(Records drawn from a dataset)
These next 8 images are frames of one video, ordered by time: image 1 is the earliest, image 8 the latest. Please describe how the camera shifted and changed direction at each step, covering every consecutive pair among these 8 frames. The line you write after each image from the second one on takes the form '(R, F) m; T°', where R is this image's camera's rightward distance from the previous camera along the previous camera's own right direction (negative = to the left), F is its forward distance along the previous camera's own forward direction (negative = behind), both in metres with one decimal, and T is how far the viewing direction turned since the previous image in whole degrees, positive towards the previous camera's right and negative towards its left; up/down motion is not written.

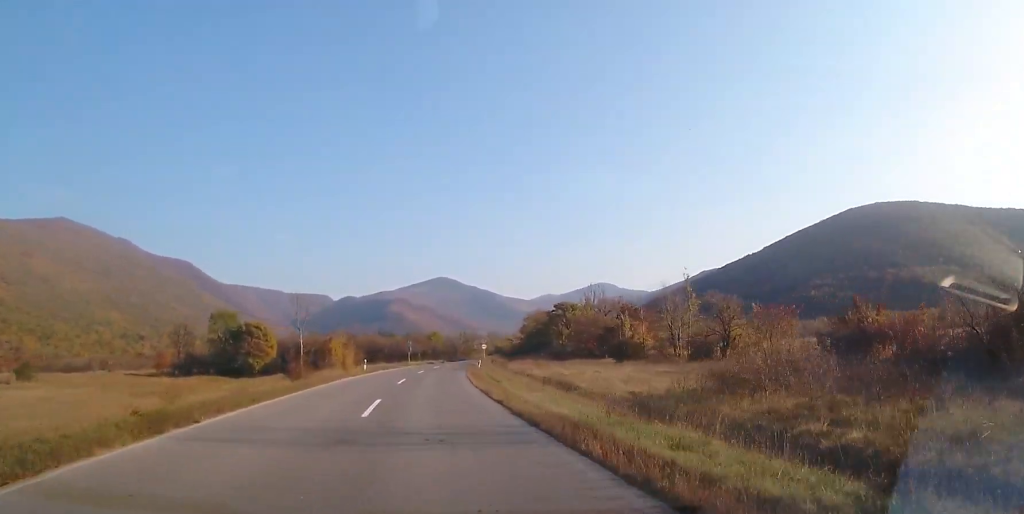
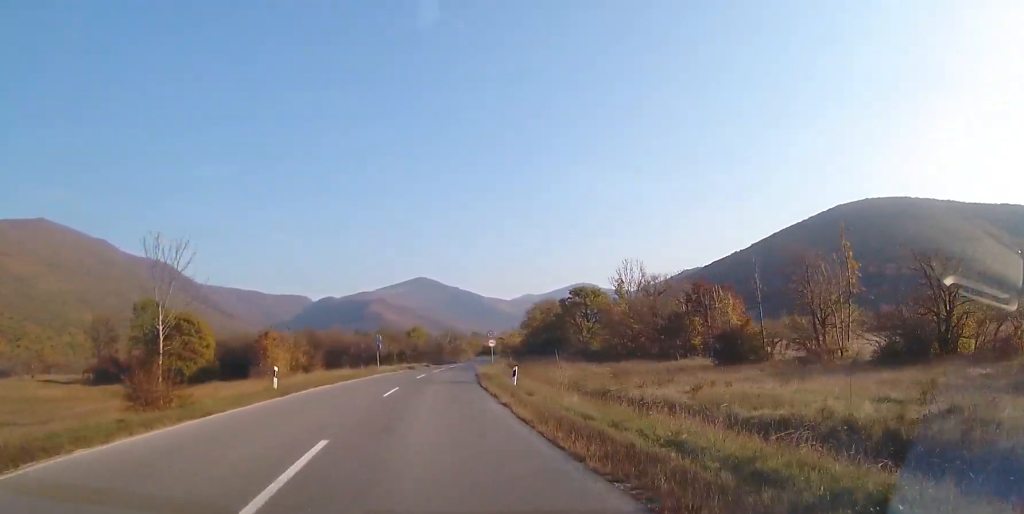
(+0.2, +24.0) m; +1°
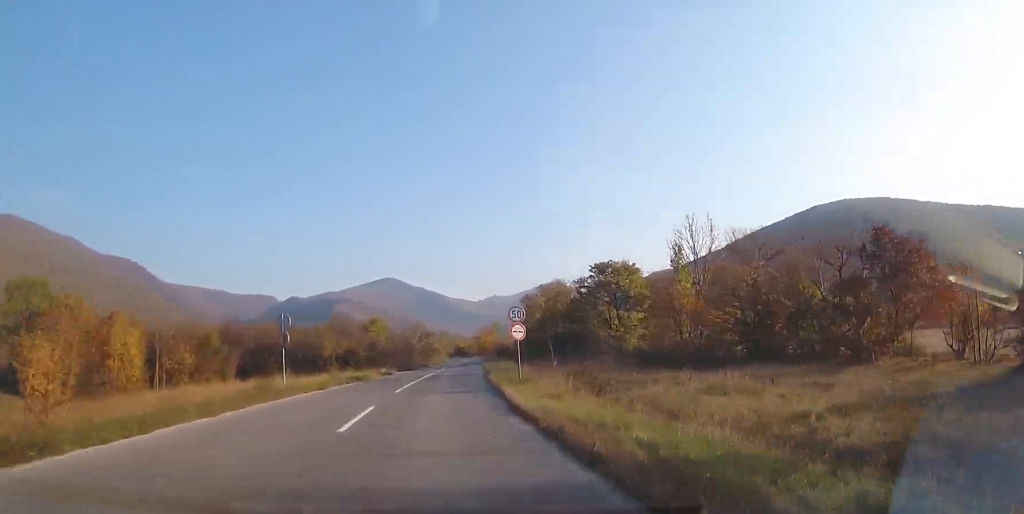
(+0.3, +23.7) m; +2°
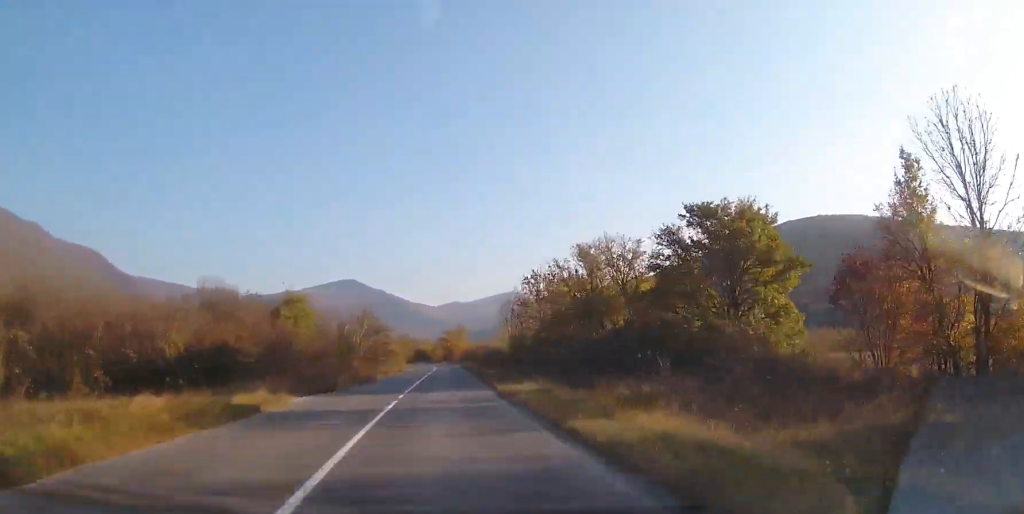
(+1.0, +27.8) m; +5°
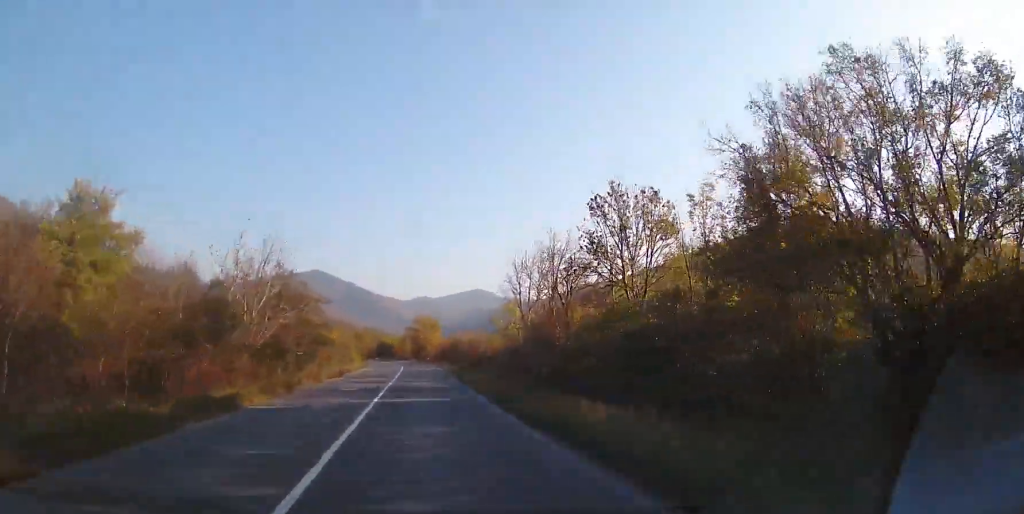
(+1.0, +26.0) m; +3°
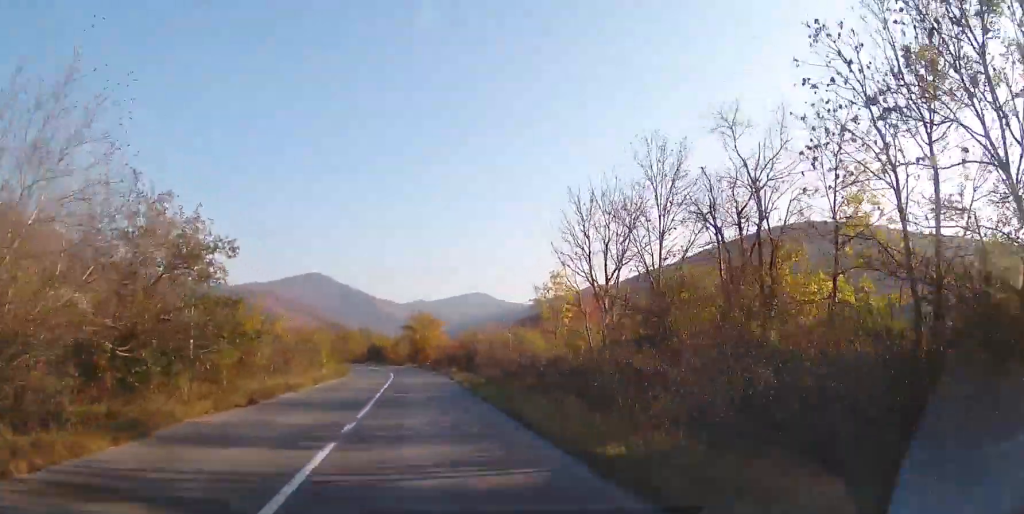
(-0.1, +17.7) m; 0°
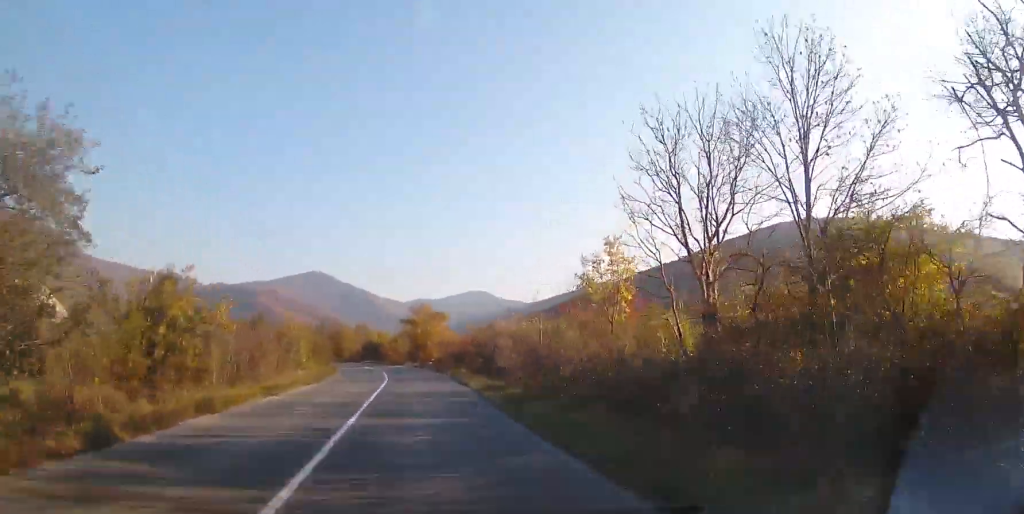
(0.0, +8.7) m; 0°
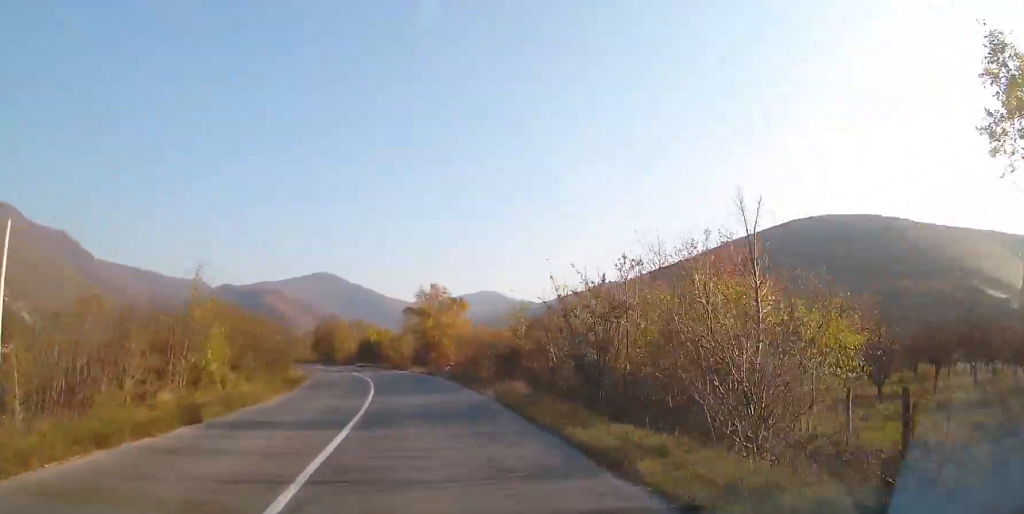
(-0.1, +17.7) m; -1°

*TASK BRIEF:* Above are the records; copy every one of them exactly and omit the images.

*ANSWER SPACE:*
These next 8 images are frames of one video, ordered by time: image 1 is the earliest, image 8 the latest. Please describe how the camera shifted and changed direction at each step, covering every consecutive pair among these 8 frames. The line you write after each image from the second one on takes the form '(R, F) m; T°', where R is this image's camera's rightward distance from the previous camera along the previous camera's own right direction (negative = to the left), F is its forward distance along the previous camera's own forward direction (negative = behind), both in metres with one decimal, and T is how far the viewing direction turned since the previous image in whole degrees, positive towards the previous camera's right and negative towards its left; up/down motion is not written.

(+0.2, +24.0) m; +1°
(+0.3, +23.7) m; +2°
(+1.0, +27.8) m; +5°
(+1.0, +26.0) m; +3°
(-0.1, +17.7) m; 0°
(0.0, +8.7) m; 0°
(-0.1, +17.7) m; -1°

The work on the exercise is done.